Start to finish, retype the entries exactly while omitting the pictures.

▶ _Recorded data_:
....

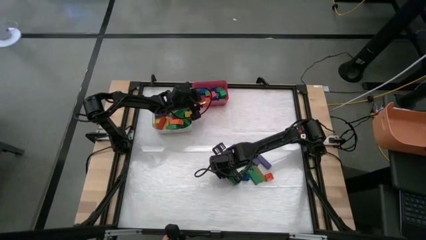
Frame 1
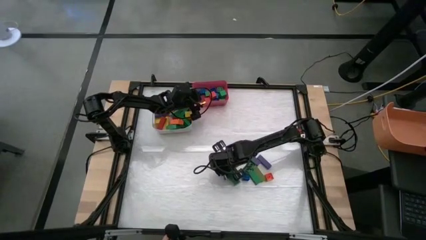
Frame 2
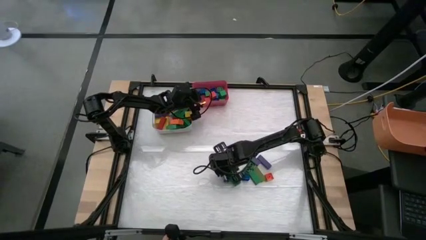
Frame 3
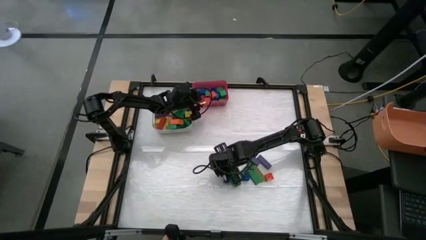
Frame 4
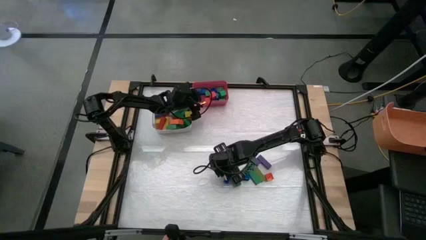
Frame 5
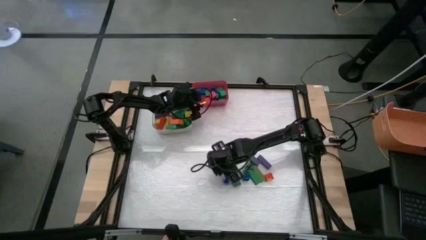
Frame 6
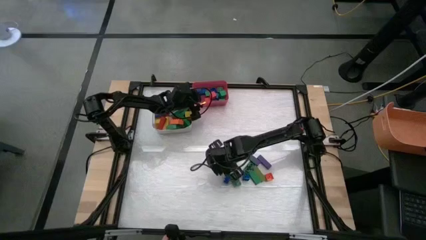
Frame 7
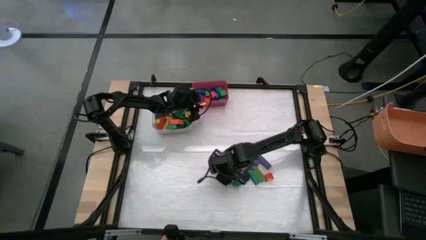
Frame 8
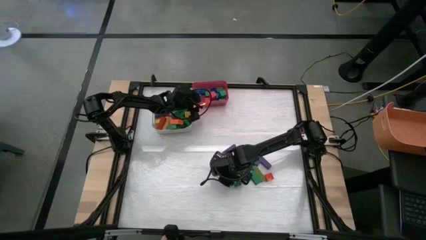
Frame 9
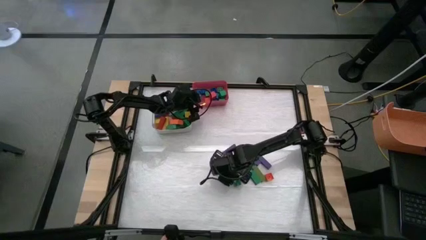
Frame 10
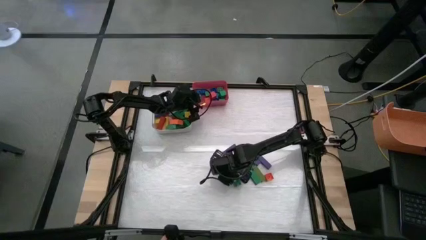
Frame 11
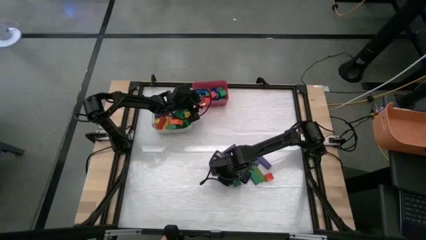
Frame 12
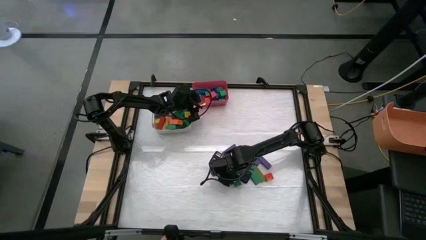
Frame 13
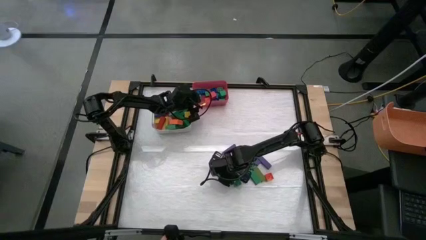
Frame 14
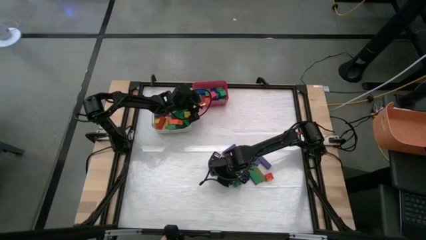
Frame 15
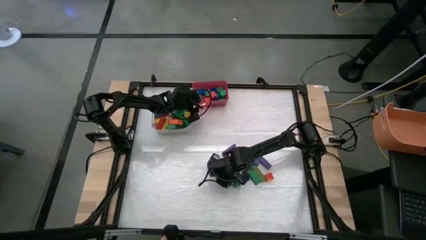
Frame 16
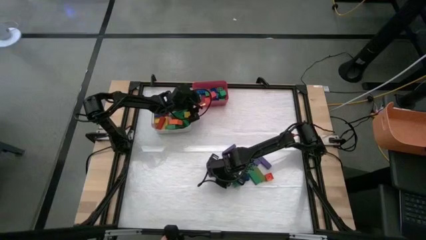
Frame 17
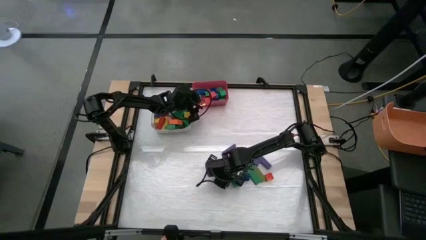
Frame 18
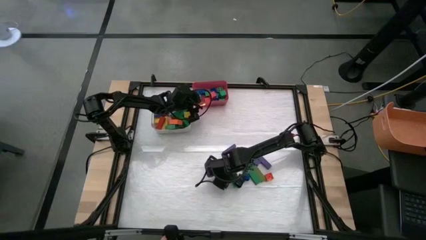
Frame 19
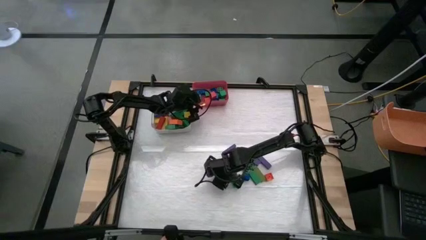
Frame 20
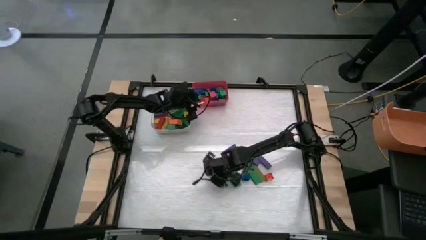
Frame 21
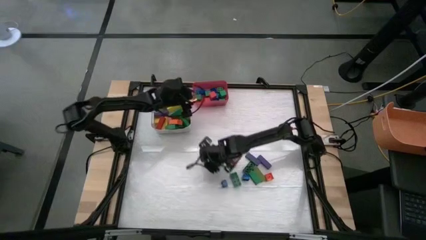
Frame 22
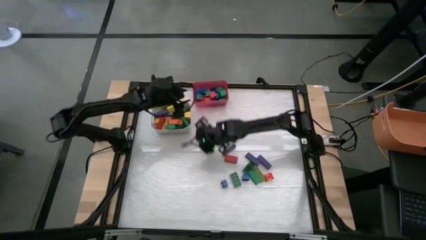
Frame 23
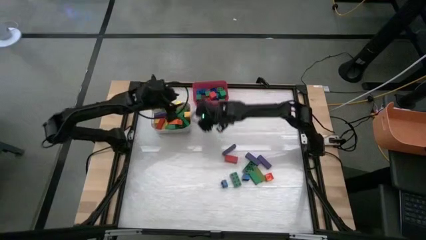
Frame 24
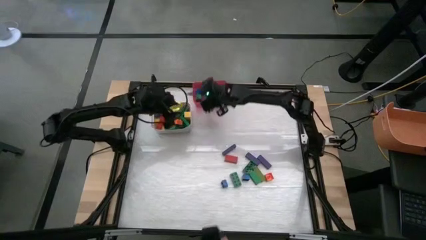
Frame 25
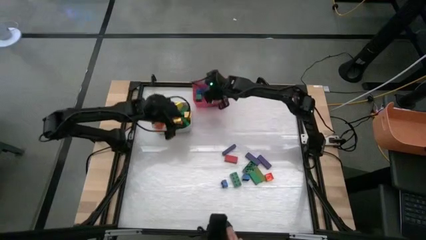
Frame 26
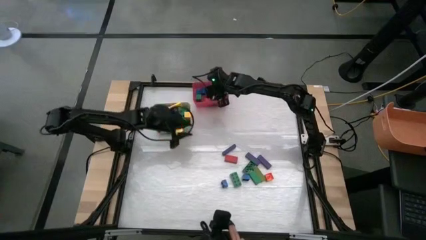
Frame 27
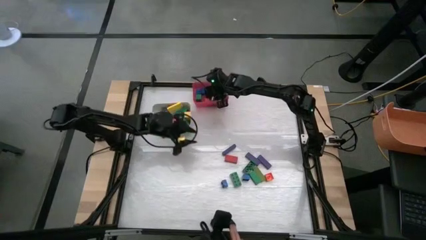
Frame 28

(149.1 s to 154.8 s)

....

▶ _ANSWER SECTION_:
Frame 1
Frame 2
Frame 3
Frame 4
Frame 5
Frame 6
Frame 7
Frame 8
Frame 9
Frame 10
Frame 11
Frame 12
Frame 13
Frame 14
Frame 15
Frame 16
Frame 17
Frame 18
Frame 19
Frame 20
Frame 21
Frame 22
Frame 23
Frame 24
Frame 25
Frame 26
Frame 27
Frame 28

(149.1 s to 154.8 s)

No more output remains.